## Your task
Leaving out only the pictures, write out all the entries exactly.
====== Records for this task ======
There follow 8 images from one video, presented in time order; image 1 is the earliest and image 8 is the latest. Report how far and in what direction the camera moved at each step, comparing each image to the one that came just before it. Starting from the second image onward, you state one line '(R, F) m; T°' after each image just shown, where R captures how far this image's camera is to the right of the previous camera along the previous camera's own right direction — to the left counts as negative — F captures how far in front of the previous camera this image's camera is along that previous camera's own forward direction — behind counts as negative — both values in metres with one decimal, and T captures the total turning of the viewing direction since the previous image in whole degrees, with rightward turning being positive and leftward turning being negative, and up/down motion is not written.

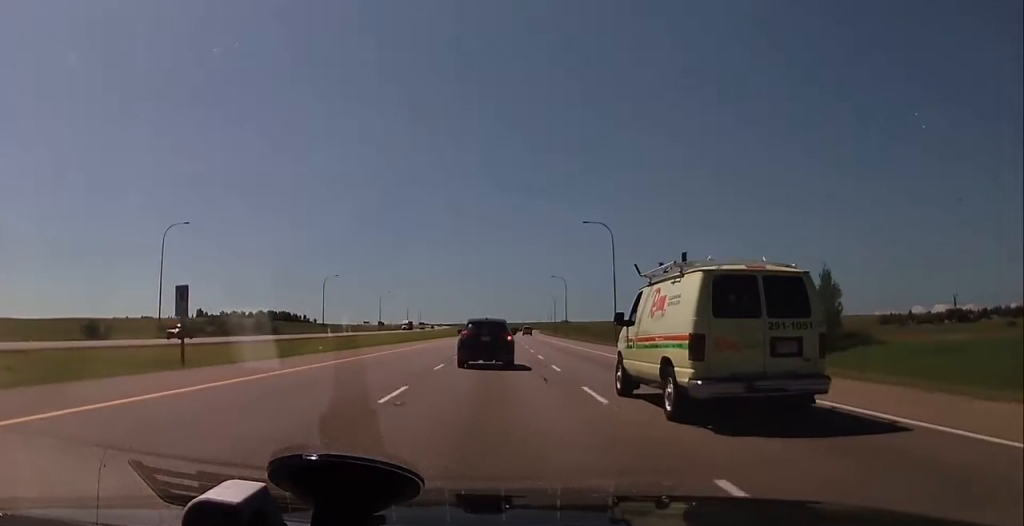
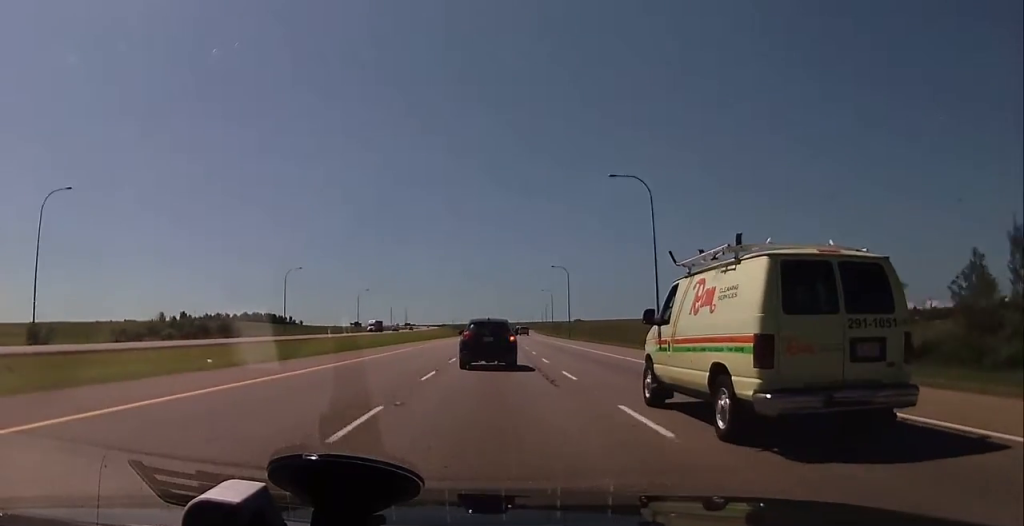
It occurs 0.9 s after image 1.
(-0.2, +30.7) m; 0°
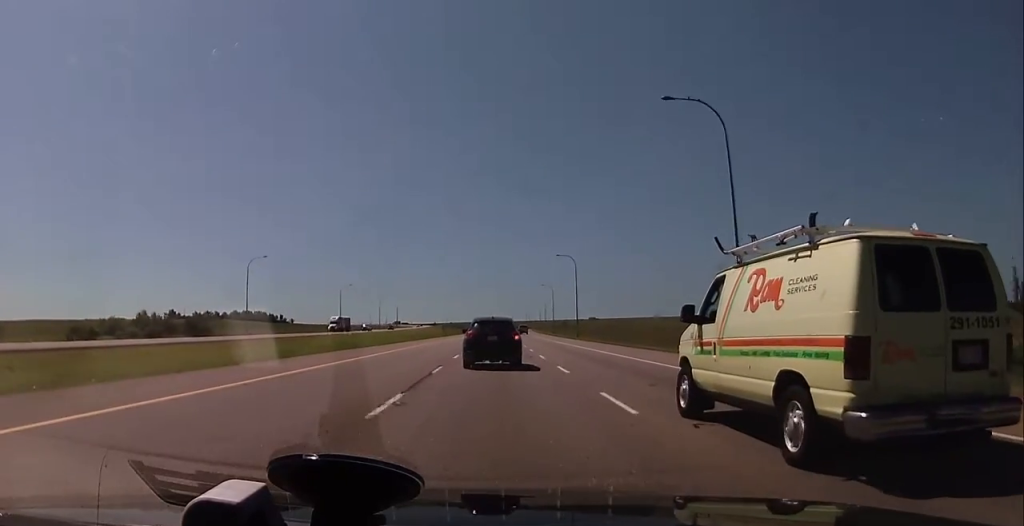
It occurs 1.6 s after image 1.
(+0.1, +25.0) m; 0°
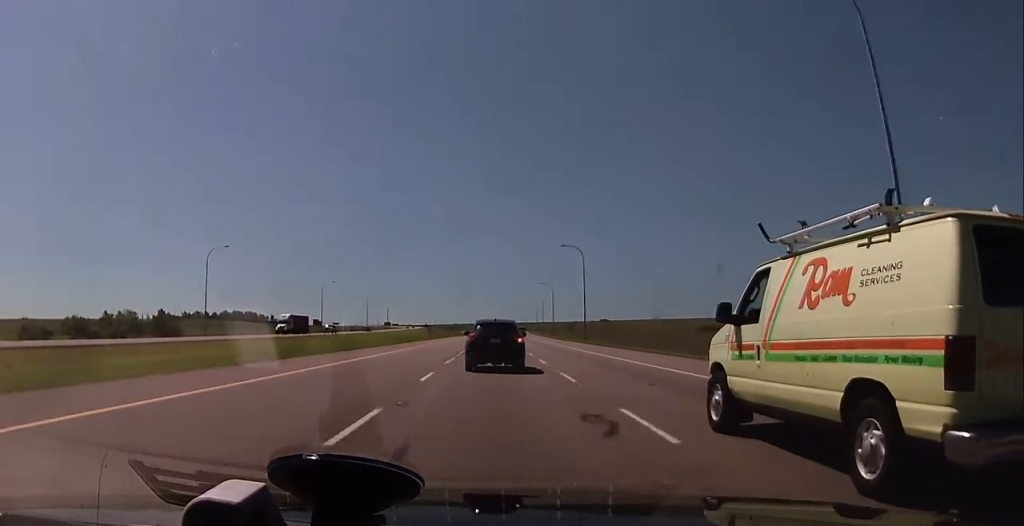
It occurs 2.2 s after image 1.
(+0.1, +20.5) m; 0°
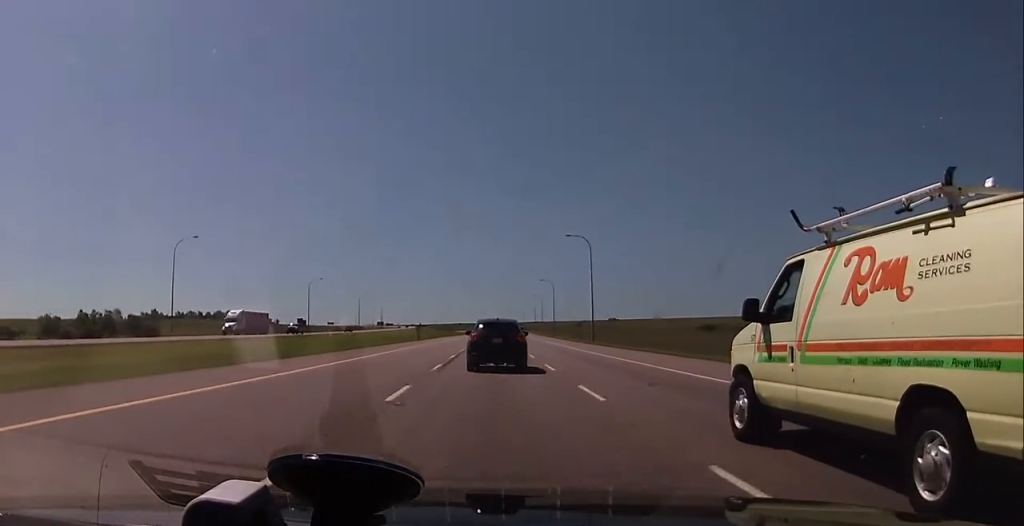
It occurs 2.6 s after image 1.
(0.0, +13.7) m; 0°
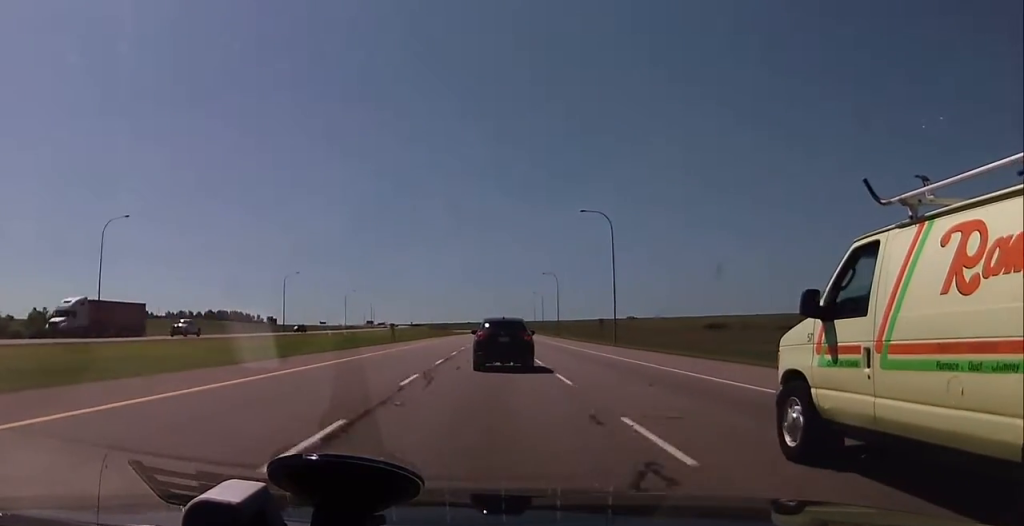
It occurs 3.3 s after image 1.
(+0.1, +23.9) m; 0°
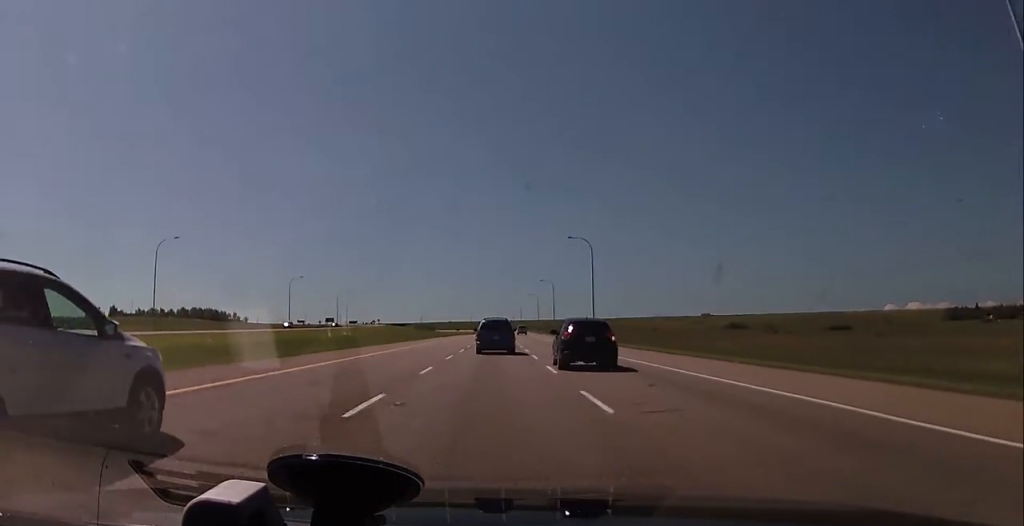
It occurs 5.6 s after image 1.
(+1.5, +78.3) m; +2°
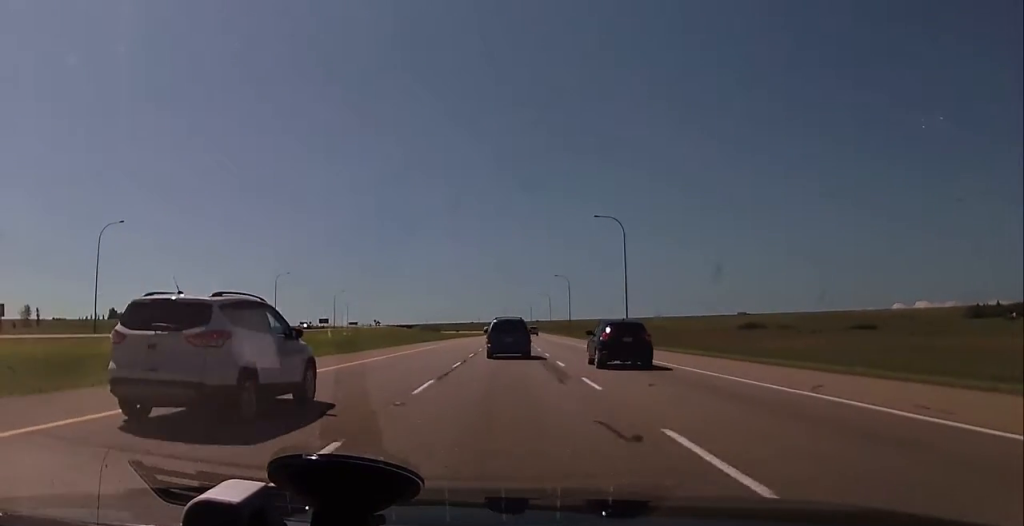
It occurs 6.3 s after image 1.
(0.0, +23.5) m; 0°
======
## Response area
There follow 8 images from one video, presented in time order; image 1 is the earliest and image 8 is the latest. Report how far and in what direction the camera moved at each step, comparing each image to the one that came just before it. Starting from the second image onward, you state one line '(R, F) m; T°' after each image just shown, where R captures how far this image's camera is to the right of the previous camera along the previous camera's own right direction — to the left counts as negative — F captures how far in front of the previous camera this image's camera is along that previous camera's own forward direction — behind counts as negative — both values in metres with one decimal, and T captures the total turning of the viewing direction since the previous image in whole degrees, with rightward turning being positive and leftward turning being negative, and up/down motion is not written.

It occurs 0.9 s after image 1.
(-0.2, +30.7) m; 0°
It occurs 1.6 s after image 1.
(+0.1, +25.0) m; 0°
It occurs 2.2 s after image 1.
(+0.1, +20.5) m; 0°
It occurs 2.6 s after image 1.
(0.0, +13.7) m; 0°
It occurs 3.3 s after image 1.
(+0.1, +23.9) m; 0°
It occurs 5.6 s after image 1.
(+1.5, +78.3) m; +2°
It occurs 6.3 s after image 1.
(0.0, +23.5) m; 0°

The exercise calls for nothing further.